Der Welt ein Schnäppchen schlagen
Leute, begrüßen wir die neue Kargheit mit Stil: Es bleibt uns nichts anderes übrig.
Vorauseilende Verarmungs-Panik, die sich wie ein Schimmelpilz in unseren Gemütern absetzt. Bei einfachen Gerichten (tschüss nachhaltiges Thunfisch-Steak, hallo Karfiol mit Bröseln!) und den Weißwein-Beständen aus einem sorgenfreien Leben überlegen meine Freunde und ich, wie wir der Welt ein Schnäppchen schlagen. Für Flix-Busreisen sind wir tatsächlich zu alt, aber das Auto kommt in Bälde weg. Zugfahren ist außerdem extrem entspannend, man kann dort in aller Ruhe die alten Russen lesen – wenn nicht von barrierefreier Pädagogik verseuchte Kleinkinder gerade die Grenzen ihrer Bezugspersonen austesten.
An sich bin ich von einer Listenphobie getragen, aber neuerdings führe ich eine, um abzuchecken, wie viele Lebensmittel, weil man zu enthusiastisch eingekauft hat, in den Müll wandern. Brennend rotes Schamgefühl: Es sind einfach zu viele. Der Dauerbrandofen in meinem Wohnzimmer, den ich seit 25 Jahren nicht benutze, entwickelt das Charisma eines malerischen Mahnmals. Ich rufe circa 30 Ofenmeister durch, die sich nahezu in machtherrlichen Lachkrämpfen kringeln, als man mit Piepsstimme versucht, einen Wartungstermin im Oktober zu bekommen.

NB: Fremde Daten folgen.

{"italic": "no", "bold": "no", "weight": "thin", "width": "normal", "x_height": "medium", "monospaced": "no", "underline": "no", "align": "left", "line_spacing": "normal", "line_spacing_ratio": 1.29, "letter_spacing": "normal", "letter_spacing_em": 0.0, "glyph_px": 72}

Weil Jupiter gut drauf ist, erwische ich dann doch einen Hafner-Gott, dem ein roter Teppich in Form von frischen Mandelcroissants, devoter Dankbarkeit und geschäumtem Kaffee aufbereitet wird. Ich denke an die Jahre, in denen ich mit Scheuklappen im Überfluss geschwommen bin und an meine Oma, die für ihre zwei Kinder aus alten Kartoffelschalen während des Krieges Suppen zaubern musste; an den Christkindlbrief meiner Tante, die sich nichts als drei Orangen und ein paar Buntstifte wünschte. Das Fazit des Dialogs mit mir selbst: Hab’ dich nicht so! Und proklamieren wir die Kargheit 2.0 einfach als neuen Lifestyle-Trend, einem öko-herzigen Minimalismus. Wenn ich den Ofen erstmal anwerfe, wird es eine Premieren-Party geben: Vorglühen im doppelten Sinn.